Early in 1776, the Académie royale de Musique, the Paris Opéra, was struggling financially and artistically. Saint-Georges was proposed as the next director of the opera. (Perhaps by Denis-Pierre-Jean Papillon de la Ferté, intendant of the Menus-Plaisirs du Roi but does he not mention Saint-Georges at all.[14]) As the creator of the first disciplined French orchestra since Lully, Saint-Georges was the obvious choice. But, according to Baron von Grimm's Correspondence litteraire, philosophique et critique, three of the Opéra's leading ladies (Marie-Madeleine Guimard, Rosalie Levasseur and Sophie Arnould) petitioned the Queen in January in opposition to his appointment, saying "that their honor and delicate conscience could never allow them to submit to the orders of a mulatto".[15] The position was given to Antoine Dauvergne instead.[16]
To defuse the brewing scandal, Louis XVI, then only one year on the throne, took the Opéra back from the city of Paris to be managed by his Intendant of Menus-Plaisirs du Roi. Marie-Antoinette preferred to hold her musicales in the salon of her private apartment in the palace or in the recently established Théâtre de la Reine in the gardens of Versailles. She limited the audience to her intimate circle and a few musicians, among them the Chevalier de Saint-Georges. "Admitted to perform music with the Queen," Saint-Georges probably played his violin sonatas, with the Queen playing the fortepiano.

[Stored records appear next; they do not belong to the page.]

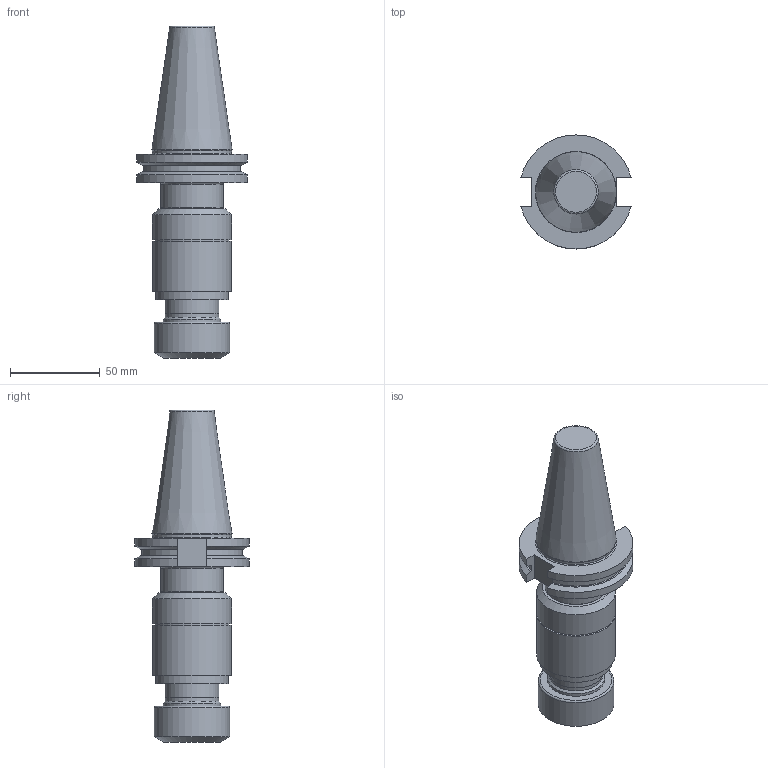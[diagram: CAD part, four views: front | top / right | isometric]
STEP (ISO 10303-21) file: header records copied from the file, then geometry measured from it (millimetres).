
FILE_DESCRIPTION(/* description */ (''),/* implementation_level */ '2;1');
FILE_NAME(/* name */ '1525690018041.stp',/* time_stamp */ '2018-05-07T12:47:08+02:00',/* author */ (''),/* organization */ ('SMS'),/* preprocessor_version */ 'ST-DEVELOPER v15',/* originating_system */ 'SIEMENS PLM Software NX 8.5',/* authorisation */ '');
FILE_SCHEMA (('AUTOMOTIVE_DESIGN { 1 0 10303 214 3 1 1 1 }'));
Length unit declared in the file: millimetre
Products named in the file (1): 201635987mod000_00
Bounding box: 61.4 x 63.5 x 184.85 mm (x, y, z)
Volume: 238114.7 mm3; surface area: 31393.1 mm2
Topology: 1 solids, 1 shells, 51 faces, 117 edges, 78 vertices
Faces by surface type: plane 20, cylinder 16, cone 11, torus 4
Full cylindrical faces by diameter (mm): 29.591 x1, 29.997 x1, 31.979 x1, 34.6 x1, 40.4 x1, 41.5 x1, 42 x1, 44 x3
Entity records: 1386 total; most frequent: CARTESIAN_POINT 260, DIRECTION 237, ORIENTED_EDGE 182, AXIS2_PLACEMENT_3D 100, EDGE_CURVE 91, EDGE_LOOP 79, VERTEX_POINT 70, FACE_BOUND 56
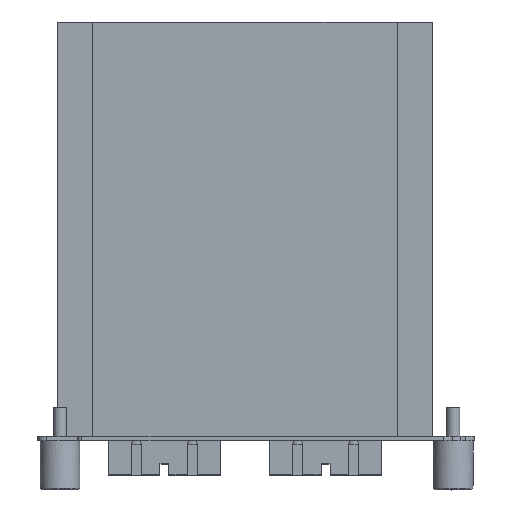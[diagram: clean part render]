
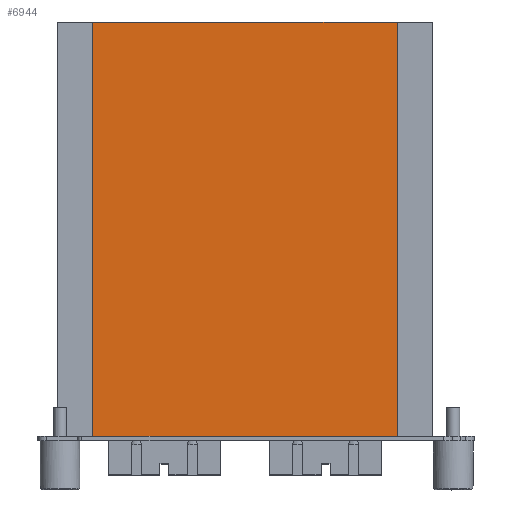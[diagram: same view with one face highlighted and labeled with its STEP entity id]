
A CAD part, top view. The second image highlights one B-rep face of the part: STEP entity #6944.
In plain terms, the highlighted planar face has unit normal (0, 0, 1).
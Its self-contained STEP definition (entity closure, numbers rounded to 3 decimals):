
#6931=AXIS2_PLACEMENT_3D('Plane Axis2P3D',#6928,#6929,#6930) ;
#56=CARTESIAN_POINT('Vertex',(81.5,12.144,35.65)) ;
#59=CARTESIAN_POINT('Line Origine',(47.,12.144,35.65)) ;
#63=CARTESIAN_POINT('Vertex',(12.5,12.144,35.65)) ;
#6523=CARTESIAN_POINT('Vertex',(12.5,106.144,35.65)) ;
#6526=CARTESIAN_POINT('Line Origine',(47.,106.144,35.65)) ;
#6530=CARTESIAN_POINT('Vertex',(81.5,106.144,35.65)) ;
#6915=CARTESIAN_POINT('Line Origine',(81.5,59.144,35.65)) ;
#6928=CARTESIAN_POINT('Axis2P3D Location',(12.5,12.144,35.65)) ;
#6933=CARTESIAN_POINT('Line Origine',(12.5,59.144,35.65)) ;
#60=DIRECTION('Vector Direction',(1.,0.,0.)) ;
#6527=DIRECTION('Vector Direction',(1.,0.,0.)) ;
#6916=DIRECTION('Vector Direction',(0.,1.,0.)) ;
#6929=DIRECTION('Axis2P3D Direction',(0.,0.,1.)) ;
#6930=DIRECTION('Axis2P3D XDirection',(1.,0.,0.)) ;
#6934=DIRECTION('Vector Direction',(0.,1.,0.)) ;
#61=VECTOR('Line Direction',#60,1.) ;
#6528=VECTOR('Line Direction',#6527,1.) ;
#6917=VECTOR('Line Direction',#6916,1.) ;
#6935=VECTOR('Line Direction',#6934,1.) ;
#6939=ORIENTED_EDGE('',*,*,#6937,.F.) ;
#6940=ORIENTED_EDGE('',*,*,#65,.T.) ;
#6941=ORIENTED_EDGE('',*,*,#6919,.T.) ;
#6942=ORIENTED_EDGE('',*,*,#6532,.F.) ;
#6944=ADVANCED_FACE('GEHAEUSE',(#6943),#6932,.T.) ;
#65=EDGE_CURVE('',#64,#57,#62,.T.) ;
#6532=EDGE_CURVE('',#6524,#6531,#6529,.T.) ;
#6919=EDGE_CURVE('',#57,#6531,#6918,.T.) ;
#6937=EDGE_CURVE('',#64,#6524,#6936,.T.) ;
#6938=EDGE_LOOP('',(#6939,#6940,#6941,#6942)) ;
#6943=FACE_OUTER_BOUND('',#6938,.T.) ;
#62=LINE('Line',#59,#61) ;
#6529=LINE('Line',#6526,#6528) ;
#6918=LINE('Line',#6915,#6917) ;
#6936=LINE('Line',#6933,#6935) ;
#6932=PLANE('',#6931) ;
#57=VERTEX_POINT('',#56) ;
#64=VERTEX_POINT('',#63) ;
#6524=VERTEX_POINT('',#6523) ;
#6531=VERTEX_POINT('',#6530) ;

The singers' petition may have ended Saint-Georges's aspirations to higher positions as a musician. Over the next two years, he published two more violin concertos and a pair of Symphonies concertantes. Thereafter, except for his final set of quartets (Op. 14, 1785), Saint-Georges abandoned composing instrumental music in favor of opera. He was still acquainted and remained friendly with several composers (notably, Salieri, Gretry, and Gluck).
Ernestine, Saint-Georges's first opera, with a libretto by Pierre Choderlos de Laclos, the notorious author of Les Liaisons dangereuses, was performed on 19 July 1777, at the Comédie-Italienne. It did not survive its premiere. The critics liked the music, but panned the weak libretto, which was then usually judged more important than the music.[17] The Queen attended with her entourage to support Saint-Georges's opera but, after the audience kept echoing a character cracking his whip and crying "Ohé, Ohé," the Queen gave it the coup de grace by calling to her driver: "to Versailles, Ohé!"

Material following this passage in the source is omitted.